En décembre 1982, la Charente et ses affluents inondent les paysages et les villes traversés.
Retour sur la crue DU SIÈCLE
Décembre 1982 – Il a déjà beaucoup plu en cette fin d’année et les précipitations ne semblent pas vouloir s’arrêter… Les habitants du val de Charente s’apprêtent à fêter Noël dans une ambiance inquiète. Les cours d’eau ont gonflé provoquant des inondations et vont s’inviter au cœur des villes, causant de nombreux dégâts…
Des pluies exceptionnelles provoquent la montée des eaux
Les mois d’octobre et de novembre 1982 ont été pluvieux : les terres sont déjà saturées d’eau. Or, en décembre 1982, en seulement 17 jours, il va pleuvoir trois fois plus qu’au cours d’un mois de décembre “normal”. En Charente, on relève environ 243 mm d’eau, avec un pic de précipitation très intense les 19 et 20 décembre.
La Charente quitte son lit
A Mansle, Angoulême puis Jarnac, 3 pics de crue se succèdent :
- Du 5 au 12 décembre, un premier épisode pluvieux provoque une montée générale de tous les cours d’eau, avant 2 jours d’accalmie.
- Les 16 et 17 décembre, un nouvel épisode pluvieux provoque la deuxième phase de crue.
- Les 19 et 20 décembre, de très fortes précipitations entraînent 2-3 jours plus tard la pointe de crue du fleuve Charente.
A Cognac et Saintes, la montée des eaux de crue est régulière, dès le 23 décembre, la crue atteint ici son maximum. Les pics observés en amont se sont lissés en une seule onde de crue lors de la traversée de la plaine entre Jarnac et Cognac.
Chronique de la crue à Angoulême et ses environs
En décembre 1982, toute la région angoumoisine est en alerte, suspendue aux conditions météorologiques. Les chroniques de la presse de l’époque relatent, jour après jour, l’inquiétante montée des eaux. Le 20 décembre, le Préfet déclenche finalement le plan ORSEC. Les moins chanceux réveillonneront les pieds dans l’eau malgré la décrue…
Vendredi 10 décembre 1982 : à 16h la cote d’alerte est franchie à Angoulême, l’inondation commence. On annonce des montées d’eau de 40 à 50 cm en 24h. Les services préparent les moyens d’intervention, la DDE alerte les communes concernées. Déjà, les pompiers reçoivent les premiers appels, pour des caves inondées.
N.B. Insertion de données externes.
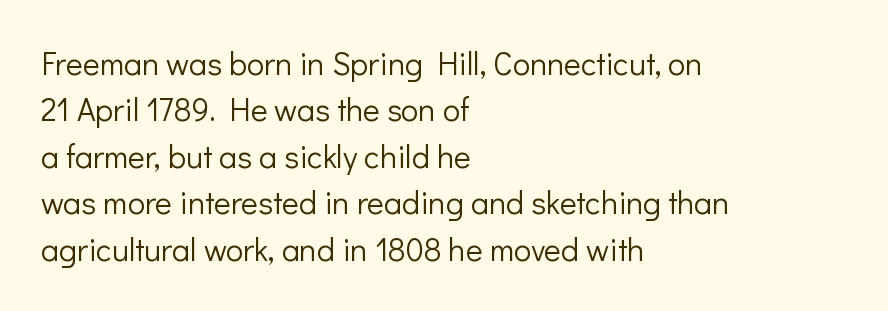
Q: Is the text bold? A: No.
Q: Is the text italic (slanted)? A: No, it is upright.
Q: Is the typeface a serif or a sans-serif typeface? A: Sans-serif.
Q: Is the text underlined? A: No.
Q: How is the paragraph aligned? A: Left-aligned.
Q: Is the spacing between letters normal or unusually wide? A: Normal.
Q: Is the spacing between lines tight, normal or loose? A: Normal.
Q: Width (condensed, normal, or wide)? A: Normal.
Q: Stroke contrast? A: Low.
Q: x-height? A: Medium.
Q: Monospaced? A: No.
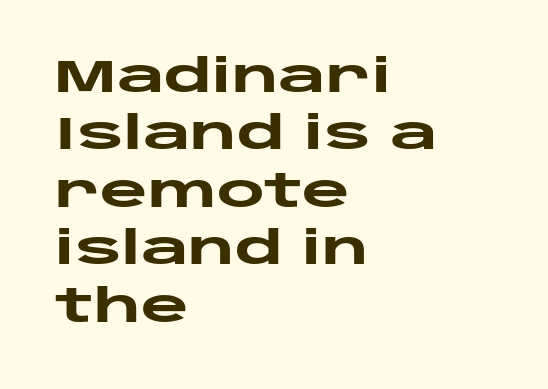
{"serif": "no", "italic": "no", "bold": "yes", "weight": "heavy", "width": "wide", "stroke_contrast": "low", "x_height": "large", "monospaced": "no", "underline": "no", "align": "left", "line_spacing": "normal", "line_spacing_ratio": 1.25, "letter_spacing": "normal", "letter_spacing_em": 0.0, "glyph_px": 46}
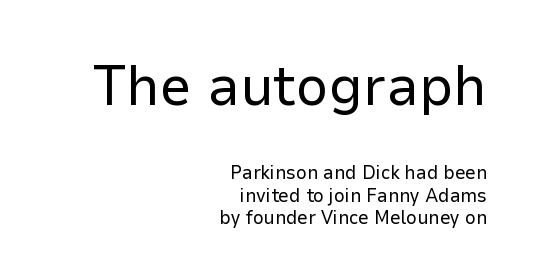
{"serif": "no", "italic": "no", "bold": "no", "weight": "regular", "width": "normal", "stroke_contrast": "low", "x_height": "medium", "monospaced": "no", "underline": "no", "align": "right", "line_spacing_ratio": 1.17, "letter_spacing": "normal", "letter_spacing_em": 0.0, "larger_block": "first", "size_ratio": 3.0, "glyph_px": 57}
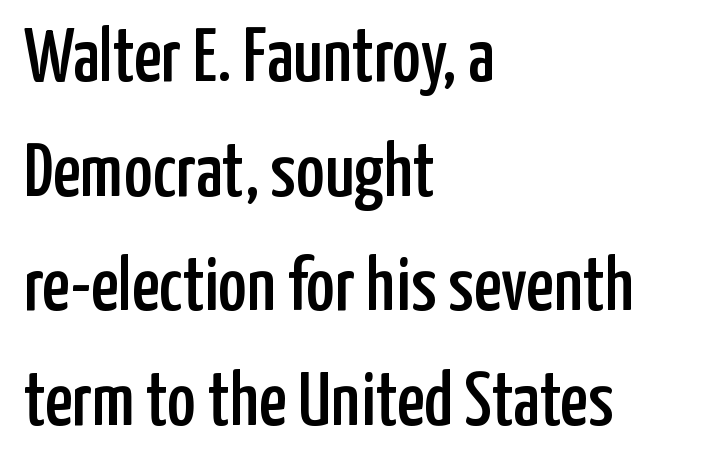
The image shows 77 px condensed sans-serif type, upright; set left-aligned, normal line spacing (1.49x), normal letter spacing, not underlined; low stroke contrast and a medium x-height.
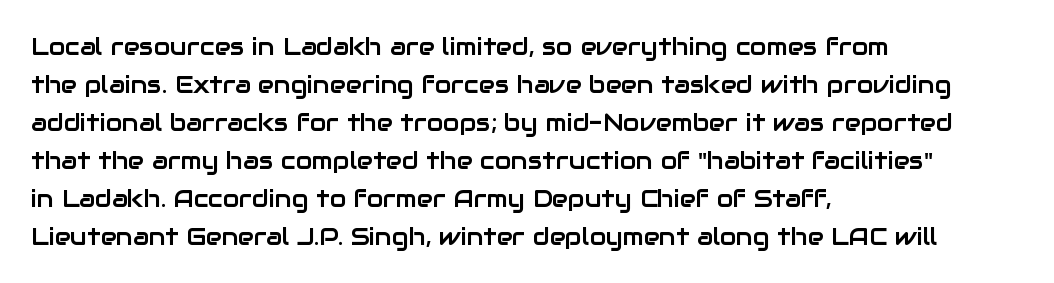
The specimen omits any rule beneath the text block's lines. Alignment: flush left. Italic? Not at all — the glyphs are vertical. The lines sit at an ordinary, default distance from one another. You could call the tracking neutral — neither tight nor loose.
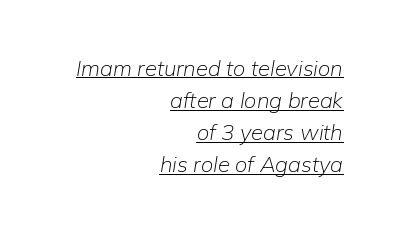
Q: Is the text bold? A: No.
Q: Is the text italic (slanted)? A: Yes, it leans right by about 9 degrees.
Q: Is the text underlined? A: Yes.
Q: How is the paragraph aligned? A: Right-aligned.
Q: Is the spacing between letters normal or unusually wide? A: Normal.
Q: Is the spacing between lines tight, normal or loose? A: Normal.
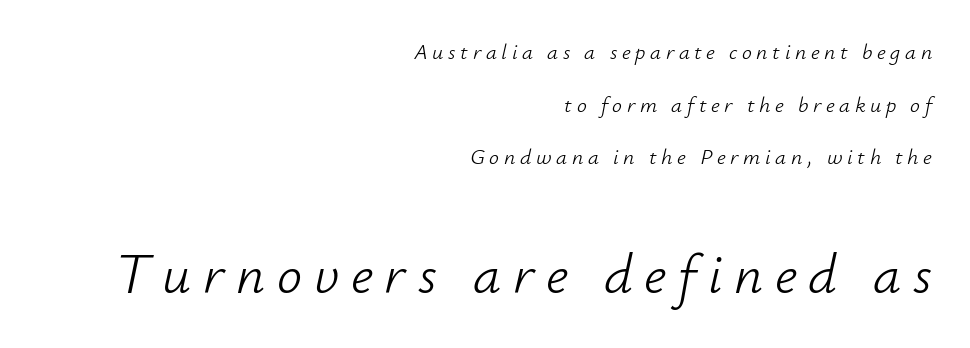
{"italic": "yes", "lean": "right", "slant_degrees": 12, "bold": "no", "weight": "light", "width": "normal", "stroke_contrast": "low", "x_height": "small", "monospaced": "no", "underline": "no", "align": "right", "line_spacing": "loose", "line_spacing_ratio": 2.39, "letter_spacing": "wide", "letter_spacing_em": 0.21, "larger_block": "second", "size_ratio": 2.55, "glyph_px": 56}
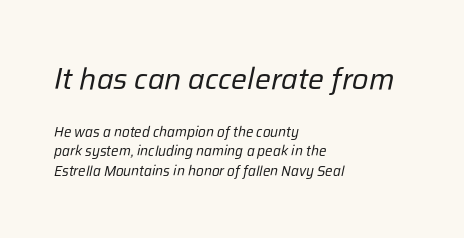
The zone under the glyphs is completely vacant. This is oblique type, the kind used for emphasis or titles. The compositor pushed each line to the left boundary. Spacing between characters is what you'd get straight out of the box. Honestly, the row spacing looks completely unremarkable. Do the characters align in a grid? No, the font is proportional.
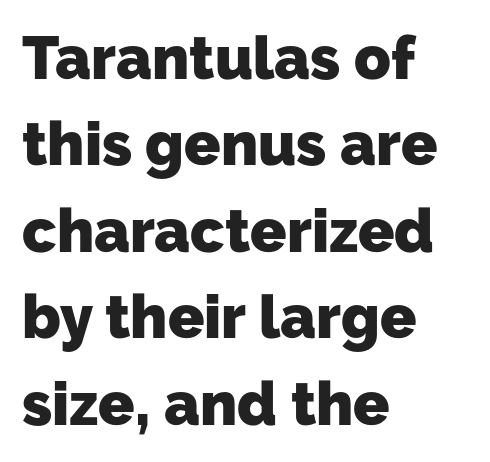
Q: Is the text bold? A: Yes.
Q: Is the typeface a serif or a sans-serif typeface? A: Sans-serif.
Q: Is the text underlined? A: No.
Q: How is the paragraph aligned? A: Left-aligned.
Q: Is the spacing between letters normal or unusually wide? A: Normal.
Q: Is the spacing between lines tight, normal or loose? A: Normal.
Q: Width (condensed, normal, or wide)? A: Normal.
Q: Stroke contrast? A: Low.
Q: x-height? A: Medium.
Q: Monospaced? A: No.
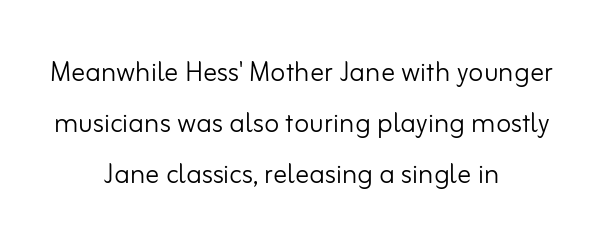
Words appear dense and cohesive because spacing is normal. Both edges are ragged and mirror each other, which tells us the setting is centered. Descenders hang freely into open space. This is not heavy type; no bold has been used. Are there feet on the stems? There aren't — it's a sans. The specimen reads as upright at a glance.
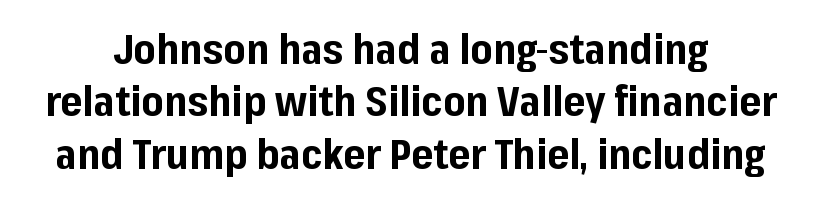
The image shows 42 px bold sans-serif type, upright; set normal line spacing (1.25x), normal letter spacing, not underlined; low stroke contrast and a medium x-height.
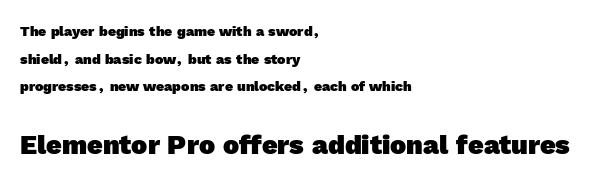
Horizontal bands of white between lines are thick stripes. No word sits above an underline. The typesetting leans heavy: a genuine bold. Is the block centered? No — it sits flush against the left margin. The horizontal fit of the characters is conventional and even.
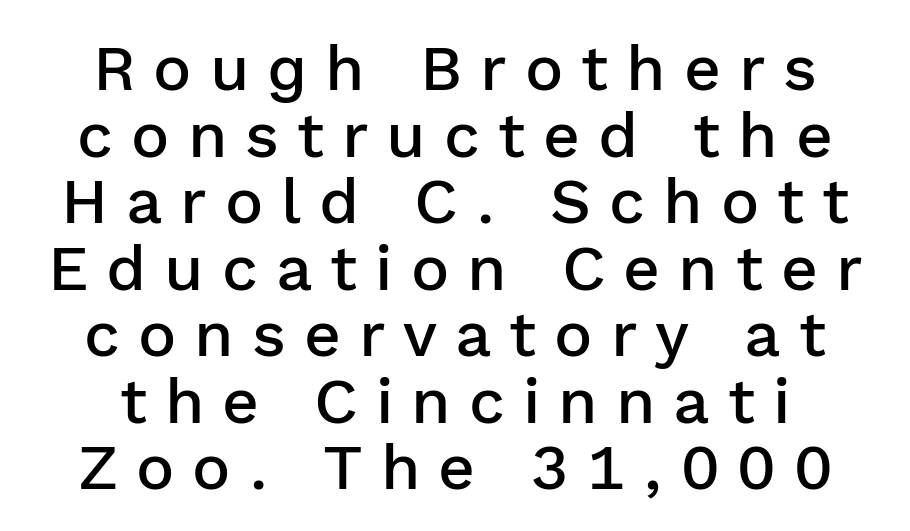
The glyphs in this specimen are sans serif. Caption: expanded tracking, letters set apart. Note the varied advance widths — an 'i' is clearly narrower than an 'm'. Notice how the stems are strictly vertical — no italics here. Neither beginnings nor endings align; midpoints do.
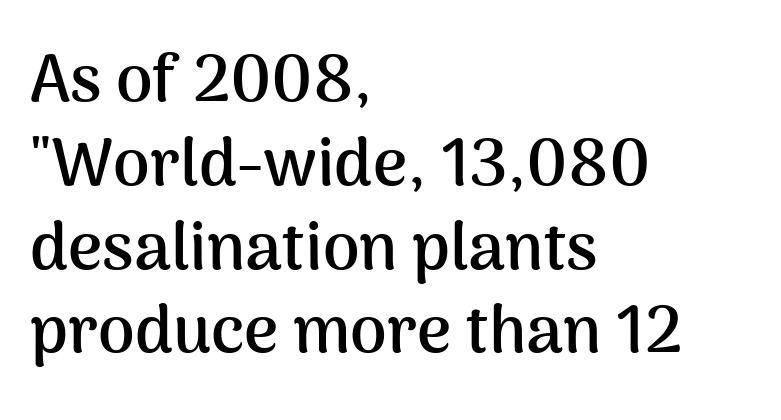
The space beneath each line is pristine and unruled. Its strokes are broad and dark, the hallmark of bold type. Looks like regular typesetting: each glyph gets only the width it needs. Font category for this specimen: sans-serif. A roman cut, with each character standing at attention. This sample uses plain, unmodified letter spacing.
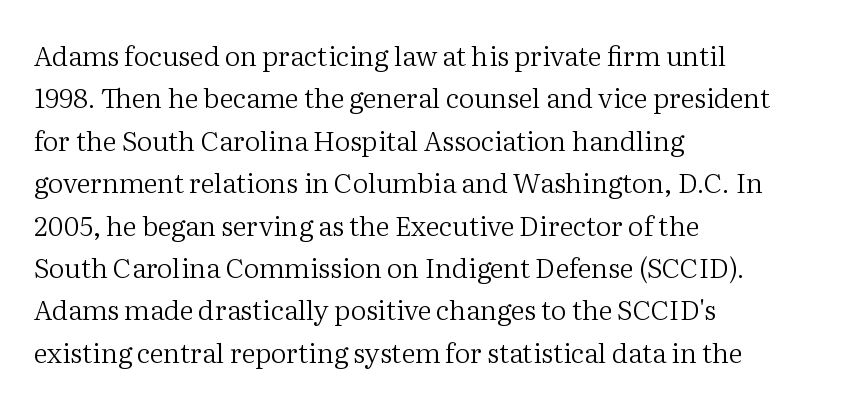
Q: Is the text bold? A: No.
Q: Is the text italic (slanted)? A: No, it is upright.
Q: Is the text underlined? A: No.
Q: How is the paragraph aligned? A: Left-aligned.
Q: Is the spacing between letters normal or unusually wide? A: Normal.
Q: Is the spacing between lines tight, normal or loose? A: Normal.
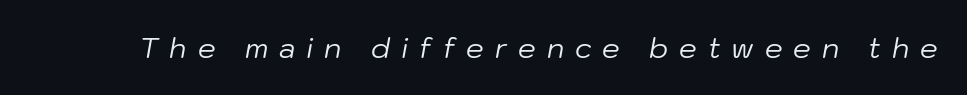
The image shows 28 px regular-weight type, italic (leaning right); set unusually wide letter spacing (+0.39 em), not underlined; low stroke contrast and a medium x-height.

© Charente Libre 13/12/1982 – Archives Ville d’Angoulême
Lundi 20 décembre : La pluie, tombée régulièrement les jours précédents, a inondé les rues basses. L’Houmeau, Saint-Cybard et le boulevard Besson Bey sont maintenant noyés.

© Charente Libre 20/12/1982 – Archives Ville d’Angoulême
Mardi 21 décembre 1982 : Le Préfet de la Charente, face à la gravité de la situation générale dans le département, a déclenché la veille au soir le plan ORSEC, qui permet d’élargir le front des troupes et des moyens, en mobilisant notamment des militaires.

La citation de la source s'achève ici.